Unlikely. The video continued and Cally seemed to relish in his own mischief. He believed the only people to blame were the players themselves. At the end of the space day, they were the ones who gave him the money. But the lion’s share of the stolen credits belonged to the “fat cats,” as Cally put it. The corporations that used their resources to force the smaller players into compliance. The EIB still had enough assets for the directors to sell off and repay the common folk of Eve Online. Only the rich would suffer, as Cally used the bulk of their money to pay for the colossal space fighter he was sitting in. The rest of the money, Cally used to place a bounty on his own character’s head. He was giving everyone a “sporting chance” to come reclaim their own money.
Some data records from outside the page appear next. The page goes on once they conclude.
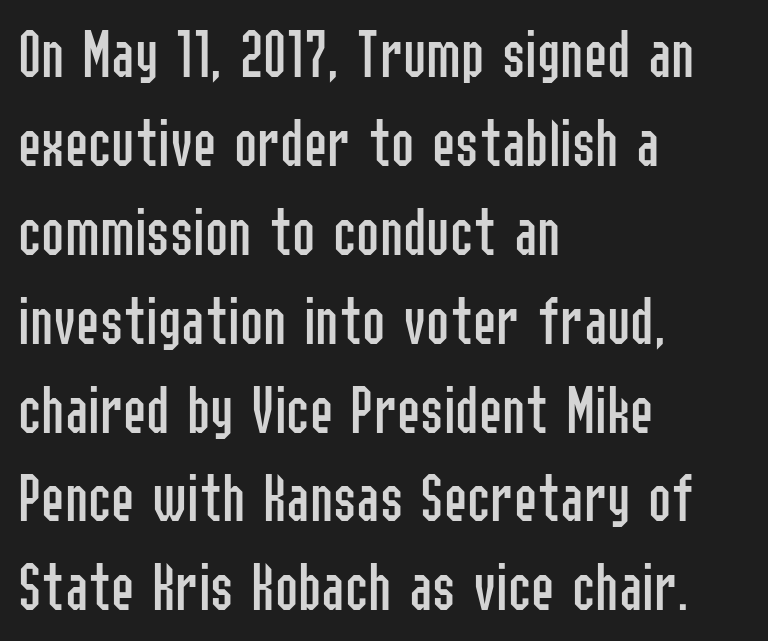
Q: Is the text bold? A: No.
Q: Is the text italic (slanted)? A: No, it is upright.
Q: Is the typeface a serif or a sans-serif typeface? A: Sans-serif.
Q: Is the text underlined? A: No.
Q: How is the paragraph aligned? A: Left-aligned.
Q: Is the spacing between letters normal or unusually wide? A: Normal.
Q: Is the spacing between lines tight, normal or loose? A: Normal.
Q: Width (condensed, normal, or wide)? A: Condensed.
Q: Stroke contrast? A: Low.
Q: x-height? A: Medium.
Q: Monospaced? A: No.
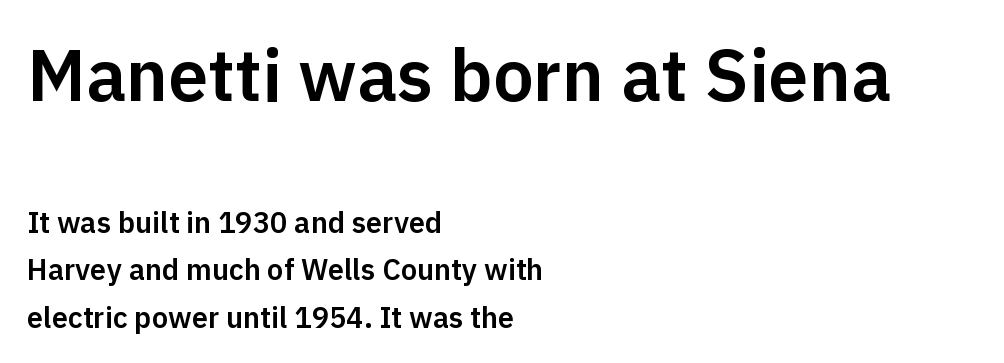
The glyphs are unaccompanied by any horizontal stroke below them. Summary of vertical rhythm: regular, with standard interline spacing. All the whitespace from short lines collects on the right. Inter-character spacing is left at the font's built-in metrics.
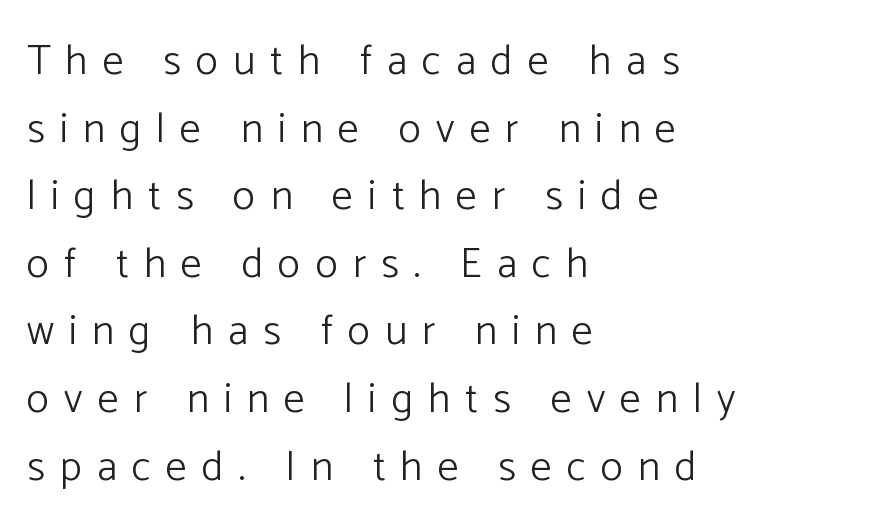
Is the block centered? No — it sits flush against the left margin. Vertically, the passage feels balanced, rows spaced as you'd expect. The zone under the glyphs is completely vacant. Posture: vertical. Tracking value appears strongly positive — letters spread wide. Here the designer chose a conventional face with non-uniform glyph widths.
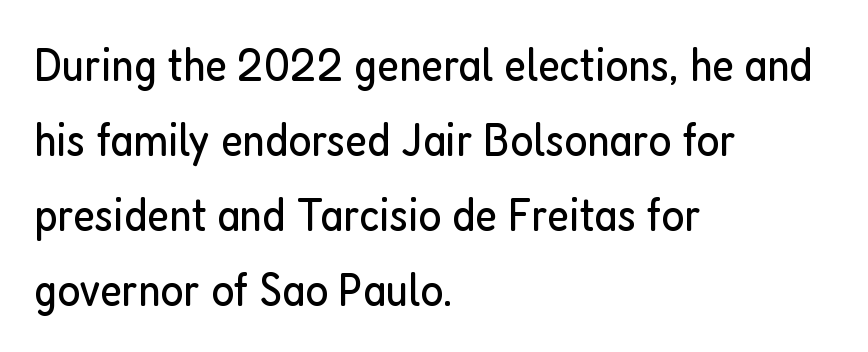
Heaviness? Minimal to ordinary, like unemphasized prose. Short note: letters normally spaced. Each new line begins a customary step beneath the previous one. Look at the bottom of the vertical strokes: they stop flat, with no serifs. Typeset ragged right — the left edge is the straight one. Think of a printed novel: that variable character pitch is what you see here.

Outraged, the players reported Cally to the developers, but CCP Games found that he had done nothing wrong. He didn’t hack anyone’s accounts. He didn’t break Terms of Service or the End User License Agreement. As Cally put it, the players were the ones who handed him the money. Cally’s approach embodied and exaggerated the no holds barred approach of Eve Online. He set a precedent and scammers are as much a part of today’s community as honest prospectors, ruthless corporate entities, and thieving pirates. Before he logged off, Cally encouraged the players to build their worth in whatever way they saw fit, because he promised to return for another scam in 6 month’s time. I’m not sure if he ever made good on his promise, but it’s a haunting detail that floats through my mind every time a new scam breaks Cally’s old record. Did he return to one up himself? Maybe people should store their money in space mattresses instead.